Medicine (Baltimore). 2018 Mar;97(9):e0065. doi: 10.1097/MD.0000000000010065.
We aimed to define factors predicting mortality in patients having ST elevation myocardial infarction (STEMI) who had Primary Percutaneous Coronary Intervention (PCI) in our setting.This is a prospective study on patients presenting to the emergency department with STEMI who underwent PCI during a 12-month period. Physiological parameters were calculated using the vital signs and age of patients. Time-based factors in the institutional protocol were collected. Univariate analysis was performed to define significant factors that affected mortality. Significant factors were then entered into a logistic regression model. Factors significantly affecting mortality were defined. Receiving operating characteristic curve was applied to define the best predictors of mortality.A total of 167 consecutive patients were studied; 128 (76.6%) were males. The mean (SD) age of the patients was 61.9 (12.8) years. The logistic regression model showed that significant factors were age (P = .002), Modified Shock Index, MSI (P = .028), systolic blood pressure (P = .028), and time between consultation and activation of catheter laboratory (P = .047). The cut-off points with best prediction of mortality were age of 71.5 years, systolic blood pressure of less than 95 mmHg, MSI of 0.85, and a time more than 3.5 minutes between consultation and activation of catheter laboratory.Our study shows that significant predictors of 30-days mortality of STEMI were age, systolic blood pressure on presentation, MSI, and the time between consultation and catheter laboratory activation. Improving prehospital resuscitation and activation of the catheter laboratory by emergency physicians may reduce mortality in our setting.
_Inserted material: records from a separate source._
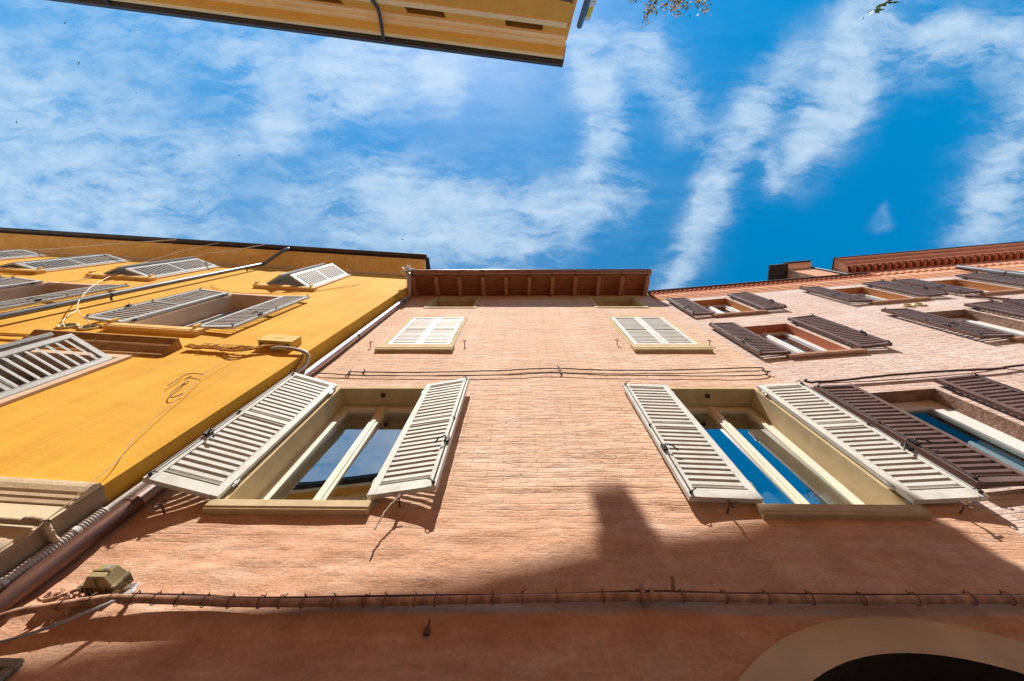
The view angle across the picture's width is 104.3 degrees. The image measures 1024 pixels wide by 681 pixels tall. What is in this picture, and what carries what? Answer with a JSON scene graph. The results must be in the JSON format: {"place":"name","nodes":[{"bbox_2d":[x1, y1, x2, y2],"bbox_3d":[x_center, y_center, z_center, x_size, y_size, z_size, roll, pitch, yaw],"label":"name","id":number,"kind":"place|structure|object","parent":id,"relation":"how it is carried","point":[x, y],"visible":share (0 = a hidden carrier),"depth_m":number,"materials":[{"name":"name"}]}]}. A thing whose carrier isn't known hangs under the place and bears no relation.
{"place":"outdoors","nodes":[
{"label":"outdoors","id":0,"kind":"place"},
{"bbox_2d":[0,0,1023,293],"label":"sky","id":1,"kind":"structure","parent":0,"point":[743,138],"materials":[{"name":"blue"}]},
{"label":"street","id":2,"kind":"structure","parent":0,"visible":0},
{"bbox_2d":[0,227,430,577],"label":"yellow house","id":3,"kind":"structure","parent":2,"relation":"on","point":[80,410],"depth_m":5.02,"materials":[{"name":"paint"}]},
{"bbox_2d":[0,334,26,336],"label":"cable","id":4,"kind":"object","parent":3,"relation":"attached to","point":[10,335],"visible":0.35,"depth_m":5.06,"materials":[{"name":"plastic"}]},
{"bbox_2d":[0,332,29,334],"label":"cable","id":5,"kind":"object","parent":3,"relation":"attached to","point":[14,333],"visible":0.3,"depth_m":5.10,"materials":[{"name":"plastic"}]},
{"bbox_2d":[0,270,37,273],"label":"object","id":6,"kind":"object","parent":3,"relation":"attached to","point":[19,271],"visible":1,"depth_m":8.63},
{"bbox_2d":[0,252,51,260],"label":"window","id":7,"kind":"structure","parent":3,"relation":"in","point":[43,255],"depth_m":10.81,"materials":[{"name":"grey paint"}]},
{"bbox_2d":[0,515,60,543],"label":"rope","id":8,"kind":"object","parent":3,"relation":"attached to","point":[48,531],"visible":0.75,"depth_m":2.32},
{"bbox_2d":[0,281,98,301],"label":"window","id":9,"kind":"structure","parent":3,"relation":"in","point":[18,292],"depth_m":7.75,"materials":[{"name":"brown paint"}]},
{"bbox_2d":[0,349,132,406],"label":"window","id":10,"kind":"structure","parent":3,"relation":"in","point":[117,358],"depth_m":4.56,"materials":[{"name":"grey paint"}]},
{"bbox_2d":[55,323,79,328],"bbox_3d":[-6.292,-0.207,5.636,0.236,0.236,0.036,4,-72,0],"label":"vent ring","id":11,"kind":"object","parent":3,"relation":"attached to","point":[67,325],"visible":0.99,"depth_m":5.62,"materials":[{"name":"beige plastic"}]},
{"bbox_2d":[0,258,134,273],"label":"window","id":12,"kind":"structure","parent":3,"relation":"in","point":[17,267],"depth_m":9.80,"materials":[{"name":"grey paint"}]},
{"bbox_2d":[62,309,76,326],"bbox_3d":[-6.570,-0.342,5.929,0.581,0.718,0.025,7,-72,-1],"label":"wire","id":13,"kind":"object","parent":3,"relation":"attached to","point":[66,317],"visible":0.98,"depth_m":5.89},
{"bbox_2d":[47,276,92,284],"bbox_3d":[-9.207,-1.320,8.457,0.387,1.453,0.014,4,-72,0],"label":"wire","id":14,"kind":"object","parent":3,"relation":"attached to","point":[69,281],"visible":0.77,"depth_m":8.14,"materials":[{"name":"beige plastic"}]},
{"bbox_2d":[77,324,100,329],"bbox_3d":[-5.983,-0.188,5.636,0.236,0.236,0.036,4,-72,0],"label":"vent ring","id":15,"kind":"object","parent":3,"relation":"attached to","point":[92,326],"visible":0.99,"depth_m":5.63,"materials":[{"name":"beige plastic"}]},
{"bbox_2d":[23,239,175,249],"bbox_3d":[-11.754,-2.719,11.360,3.807,0.837,0.053,-3,-72,2],"label":"wire","id":16,"kind":"object","parent":3,"relation":"attached to","point":[98,245],"visible":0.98,"depth_m":11.08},
{"bbox_2d":[0,346,252,555],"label":"wire","id":17,"kind":"object","parent":3,"relation":"attached to","point":[109,467],"visible":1,"depth_m":2.72,"materials":[{"name":"brown plastic"}]},
{"bbox_2d":[0,247,289,319],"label":"drainpipe","id":18,"kind":"object","parent":3,"relation":"attached to","point":[26,311],"visible":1,"depth_m":7.12,"materials":[{"name":"grey metal"}]},
{"bbox_2d":[77,243,216,327],"bbox_3d":[-7.679,-1.599,8.716,3.594,6.669,0.514,5,-72,0],"label":"wire","id":19,"kind":"object","parent":3,"relation":"attached to","point":[118,272],"visible":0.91,"depth_m":8.10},
{"bbox_2d":[85,263,223,280],"bbox_3d":[-8.629,-1.607,9.921,1.450,2.402,0.375,4,-72,0],"label":"window","id":20,"kind":"structure","parent":3,"relation":"in","point":[126,275],"depth_m":9.30,"materials":[{"name":"grey paint"}]},
{"bbox_2d":[0,346,309,589],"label":"conduit","id":21,"kind":"object","parent":3,"relation":"attached to","point":[29,563],"visible":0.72,"depth_m":2.48,"materials":[{"name":"grey plastic"}]},
{"bbox_2d":[170,376,191,397],"bbox_3d":[-3.345,0.458,4.058,0.240,0.497,0.031,3,-72,0],"label":"wire","id":22,"kind":"object","parent":3,"relation":"attached to","point":[178,387],"visible":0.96,"depth_m":3.96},
{"bbox_2d":[167,373,202,385],"bbox_3d":[-3.459,0.410,4.211,0.185,0.326,0.011,2,-72,1],"label":"wire","id":23,"kind":"object","parent":3,"relation":"attached to","point":[182,376],"visible":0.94,"depth_m":4.29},
{"bbox_2d":[102,293,280,335],"bbox_3d":[-5.069,-0.365,6.866,1.340,2.572,0.435,4,-72,0],"label":"window","id":24,"kind":"structure","parent":3,"relation":"in","point":[180,321],"depth_m":6.86,"materials":[{"name":"grey paint"}]},
{"bbox_2d":[193,244,265,257],"bbox_3d":[-8.117,-2.494,11.165,1.763,1.262,0.105,-12,-73,5],"label":"wire","id":25,"kind":"object","parent":3,"relation":"attached to","point":[228,251],"visible":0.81,"depth_m":11.15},
{"bbox_2d":[190,343,269,347],"bbox_3d":[-3.680,0.059,5.195,0.942,0.221,0.055,2,-72,1],"label":"cable","id":26,"kind":"object","parent":3,"relation":"attached to","point":[226,347],"visible":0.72,"depth_m":5.11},
{"bbox_2d":[184,344,281,351],"bbox_3d":[-3.609,0.082,5.128,1.095,0.377,0.052,2,-72,0],"label":"cable","id":27,"kind":"object","parent":3,"relation":"attached to","point":[191,347],"visible":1,"depth_m":5.04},
{"bbox_2d":[257,334,301,347],"bbox_3d":[-3.151,0.017,5.405,0.460,0.280,0.116,4,-72,0],"label":"junction box","id":28,"kind":"object","parent":3,"relation":"attached to","point":[290,340],"visible":0.73,"depth_m":5.33,"materials":[{"name":"yellow plastic"}]},
{"bbox_2d":[187,344,271,349],"bbox_3d":[-3.646,0.070,5.168,1.012,0.288,0.054,2,-72,0],"label":"cable","id":29,"kind":"object","parent":28,"relation":"attached to","point":[226,348],"visible":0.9,"depth_m":5.07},
{"bbox_2d":[211,284,359,293],"bbox_3d":[-5.129,-1.195,8.896,2.818,1.668,0.012,4,-72,0],"label":"wire","id":30,"kind":"object","parent":3,"relation":"attached to","point":[286,292],"visible":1,"depth_m":8.40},
{"bbox_2d":[274,345,303,371],"bbox_3d":[-2.888,0.220,4.936,0.540,0.746,0.190,26,-74,-7],"label":"cable","id":31,"kind":"object","parent":3,"relation":"attached to","point":[300,359],"visible":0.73,"depth_m":5.10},
{"bbox_2d":[253,271,352,291],"bbox_3d":[-5.002,-1.378,9.917,1.340,2.402,0.375,4,-72,0],"label":"window","id":32,"kind":"structure","parent":3,"relation":"in","point":[290,284],"depth_m":9.44,"materials":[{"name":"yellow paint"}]},
{"bbox_2d":[48,0,576,66],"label":"ochre house","id":33,"kind":"structure","parent":2,"relation":"on","point":[532,31],"depth_m":11.40,"materials":[{"name":"paint"}]},
{"bbox_2d":[370,0,385,41],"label":"drainpipe","id":34,"kind":"object","parent":33,"relation":"attached to","point":[375,4],"visible":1,"depth_m":11.16,"materials":[{"name":"metal"}]},
{"bbox_2d":[577,0,596,28],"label":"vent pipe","id":35,"kind":"object","parent":33,"relation":"attached to","point":[586,10],"visible":1,"depth_m":9.79,"materials":[{"name":"metal"}]},
{"bbox_2d":[0,268,1023,680],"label":"pink house","id":36,"kind":"structure","parent":2,"relation":"on","point":[748,476],"depth_m":2.67,"materials":[{"name":"paint"}]},
{"bbox_2d":[0,658,24,680],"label":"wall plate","id":37,"kind":"object","parent":36,"relation":"attached to","point":[9,667],"depth_m":1.82,"materials":[{"name":"grey stone"}]},
{"bbox_2d":[37,587,82,602],"bbox_3d":[-2.402,1.373,2.139,0.239,0.131,0.079,0,-72,1],"label":"cable knot","id":38,"kind":"object","parent":36,"relation":"attached to","point":[52,596],"visible":0.77,"depth_m":2.12,"materials":[{"name":"plastic"}]},
{"bbox_2d":[0,585,136,640],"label":"cable","id":39,"kind":"object","parent":36,"relation":"attached to","point":[96,607],"visible":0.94,"depth_m":2.06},
{"bbox_2d":[1,587,136,640],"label":"cable","id":40,"kind":"object","parent":36,"relation":"attached to","point":[80,615],"visible":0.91,"depth_m":1.97,"materials":[{"name":"plastic"}]},
{"bbox_2d":[0,583,138,643],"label":"cable","id":41,"kind":"object","parent":36,"relation":"attached to","point":[11,639],"visible":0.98,"depth_m":1.95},
{"bbox_2d":[77,564,133,595],"bbox_3d":[-2.264,1.334,2.220,0.216,0.114,0.132,0,-72,1],"label":"junction box","id":42,"kind":"object","parent":36,"relation":"attached to","point":[102,579],"visible":0.9,"depth_m":2.19,"materials":[{"name":"beige plastic"}]},
{"bbox_2d":[0,272,411,612],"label":"drainpipe","id":43,"kind":"object","parent":36,"relation":"attached to","point":[22,587],"visible":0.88,"depth_m":2.49,"materials":[{"name":"brown metal"}]},
{"bbox_2d":[202,386,424,515],"bbox_3d":[-1.552,1.241,3.922,1.220,2.167,0.856,0,-72,1],"label":"window","id":44,"kind":"structure","parent":36,"relation":"in","point":[327,464],"depth_m":4.14,"materials":[{"name":"beige paint"}]},
{"bbox_2d":[374,497,397,529],"bbox_3d":[-0.839,1.149,2.660,0.079,0.289,0.019,-7,-72,4],"label":"string","id":45,"kind":"object","parent":36,"relation":"hanging from","point":[396,498],"visible":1,"depth_m":2.65,"materials":[{"name":"beige fabric"}]},
{"bbox_2d":[401,264,414,275],"bbox_3d":[-2.600,-1.745,9.942,0.347,0.315,0.296,29,-74,-8],"label":"gutter strainer","id":46,"kind":"object","parent":36,"relation":"on","point":[407,268],"visible":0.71,"depth_m":9.87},
{"bbox_2d":[374,317,467,351],"bbox_3d":[-1.470,-0.027,7.044,1.180,2.090,0.360,0,-72,1],"label":"window","id":47,"kind":"structure","parent":36,"relation":"in","point":[385,347],"depth_m":6.09,"materials":[{"name":"beige paint"}]},
{"bbox_2d":[423,619,430,635],"bbox_3d":[-0.422,1.437,2.026,0.032,0.131,0.030,0,-72,1],"label":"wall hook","id":48,"kind":"object","parent":36,"relation":"attached to","point":[426,630],"depth_m":1.97,"materials":[{"name":"brown metal"}]},
{"bbox_2d":[0,575,1023,621],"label":"conduit","id":49,"kind":"object","parent":36,"relation":"attached to","point":[641,594],"visible":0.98,"depth_m":2.07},
{"bbox_2d":[318,372,767,376],"bbox_3d":[0.389,0.425,5.107,5.807,0.171,0.019,0,-72,1],"label":"cable","id":50,"kind":"object","parent":36,"relation":"attached to","point":[552,372],"visible":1,"depth_m":5.06,"materials":[{"name":"brown plastic"}]},
{"bbox_2d":[345,366,770,376],"bbox_3d":[0.582,0.397,5.190,5.458,0.345,0.040,0,-72,1],"label":"cable","id":51,"kind":"object","parent":36,"relation":"attached to","point":[364,371],"visible":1,"depth_m":5.20,"materials":[{"name":"brown plastic"}]},
{"bbox_2d":[606,316,712,351],"bbox_3d":[2.429,-0.032,6.975,1.160,2.120,0.360,0,-72,1],"label":"window","id":52,"kind":"structure","parent":36,"relation":"in","point":[698,347],"depth_m":6.01,"materials":[{"name":"beige paint"}]},
{"bbox_2d":[669,387,932,520],"bbox_3d":[2.320,1.239,3.847,1.185,2.182,0.856,0,-72,1],"label":"window","id":53,"kind":"structure","parent":36,"relation":"in","point":[798,474],"depth_m":3.82,"materials":[{"name":"beige paint"}]},
{"bbox_2d":[648,241,1023,536],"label":"rose brick house","id":54,"kind":"structure","parent":2,"relation":"on","point":[846,317],"depth_m":5.88,"materials":[{"name":"pink brick"}]},
{"bbox_2d":[694,298,767,317],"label":"window","id":55,"kind":"structure","parent":54,"relation":"in","point":[724,307],"depth_m":8.61,"materials":[{"name":"brown paint"}]},
{"bbox_2d":[744,323,867,359],"bbox_3d":[4.379,0.063,6.267,1.020,1.612,0.295,-5,-72,3],"label":"window","id":56,"kind":"structure","parent":54,"relation":"in","point":[802,344],"depth_m":6.33,"materials":[{"name":"white paint"}]},
{"bbox_2d":[832,287,930,304],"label":"window","id":57,"kind":"structure","parent":54,"relation":"in","point":[878,297],"depth_m":8.34,"materials":[{"name":"brown paint"}]},
{"bbox_2d":[901,303,914,306],"bbox_3d":[7.242,-0.642,7.277,0.186,0.186,0.036,-5,-72,3],"label":"vent ring","id":58,"kind":"object","parent":54,"relation":"attached to","point":[908,305],"visible":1,"depth_m":7.24,"materials":[{"name":"beige plastic"}]},
{"bbox_2d":[803,364,1023,383],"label":"cable","id":59,"kind":"object","parent":54,"relation":"attached to","point":[913,373],"visible":1,"depth_m":4.67,"materials":[{"name":"plastic"}]},
{"bbox_2d":[913,303,926,305],"bbox_3d":[7.441,-0.658,7.268,0.186,0.186,0.036,-5,-72,3],"label":"vent ring","id":60,"kind":"object","parent":54,"relation":"attached to","point":[919,304],"visible":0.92,"depth_m":7.23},
{"bbox_2d":[818,368,1023,383],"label":"cable","id":61,"kind":"object","parent":54,"relation":"attached to","point":[917,377],"visible":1,"depth_m":4.61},
{"bbox_2d":[871,388,1023,471],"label":"window","id":62,"kind":"structure","parent":54,"relation":"in","point":[1002,438],"depth_m":4.07,"materials":[{"name":"white paint"}]},
{"bbox_2d":[925,309,1023,341],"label":"window","id":63,"kind":"structure","parent":54,"relation":"in","point":[1015,327],"depth_m":6.44,"materials":[{"name":"white paint"}]},
{"bbox_2d":[930,279,1023,295],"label":"window","id":64,"kind":"structure","parent":54,"relation":"in","point":[989,289],"depth_m":8.20,"materials":[{"name":"brown paint"}]},
{"bbox_2d":[965,295,1011,299],"bbox_3d":[8.665,-0.741,7.104,0.418,0.739,0.044,-5,-72,3],"label":"cable","id":65,"kind":"object","parent":54,"relation":"attached to","point":[985,297],"visible":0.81,"depth_m":7.24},
{"bbox_2d":[956,265,1023,276],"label":"drainpipe","id":66,"kind":"object","parent":54,"relation":"attached to","point":[989,270],"visible":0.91,"depth_m":8.78,"materials":[{"name":"grey metal"}]},
{"bbox_2d":[867,0,897,14],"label":"tree","id":67,"kind":"object","parent":2,"relation":"on","point":[878,8],"visible":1,"depth_m":15.04,"materials":[{"name":"green plant"}]},
{"bbox_3d":[5.939,-9.249,1.784,8.040,12.500,7.060,0,-72,1],"label":"garden house","id":68,"kind":"object","parent":2,"relation":"on","visible":0},
{"bbox_2d":[629,0,711,27],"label":"flowering shrub","id":69,"kind":"object","parent":68,"relation":"on","point":[675,6],"visible":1,"depth_m":9.49,"materials":[{"name":"green plant"}]}
]}

我们旨在确定在我们的医疗环境中接受直接经皮冠状动脉介入治疗(PCI)的ST段抬高型心肌梗死(STEMI)患者的死亡预测因素。这是一项针对在12个月期间因STEMI就诊于急诊科并接受PCI的患者的前瞻性研究。使用患者的生命体征和年龄计算生理参数。收集机构协议中的基于时间的因素。进行单因素分析以确定影响死亡率的显著因素。然后将显著因素纳入逻辑回归模型。确定显著影响死亡率的因素。应用接受操作特征曲线来确定死亡率的最佳预测因素。
共研究了167例连续患者;128例(76.6%)为男性。患者的平均(标准差)年龄为61.9(12.8)岁。逻辑回归模型显示,显著因素为年龄(P = 0.002)、改良休克指数(MSI,P = 0.028)、收缩压(P = 0.028)以及就诊至导管室启动的时间(P = 0.047)。死亡率最佳预测的切点为年龄71.5岁、收缩压低于95 mmHg、MSI为0.85以及就诊至导管室启动的时间超过3.5分钟。
我们的研究表明,STEMI患者30天死亡率的显著预测因素为年龄、就诊时的收缩压、MSI以及就诊至导管室启动的时间。急诊医生改善院前复苏和导管室启动可能会降低我们医疗环境中的死亡率。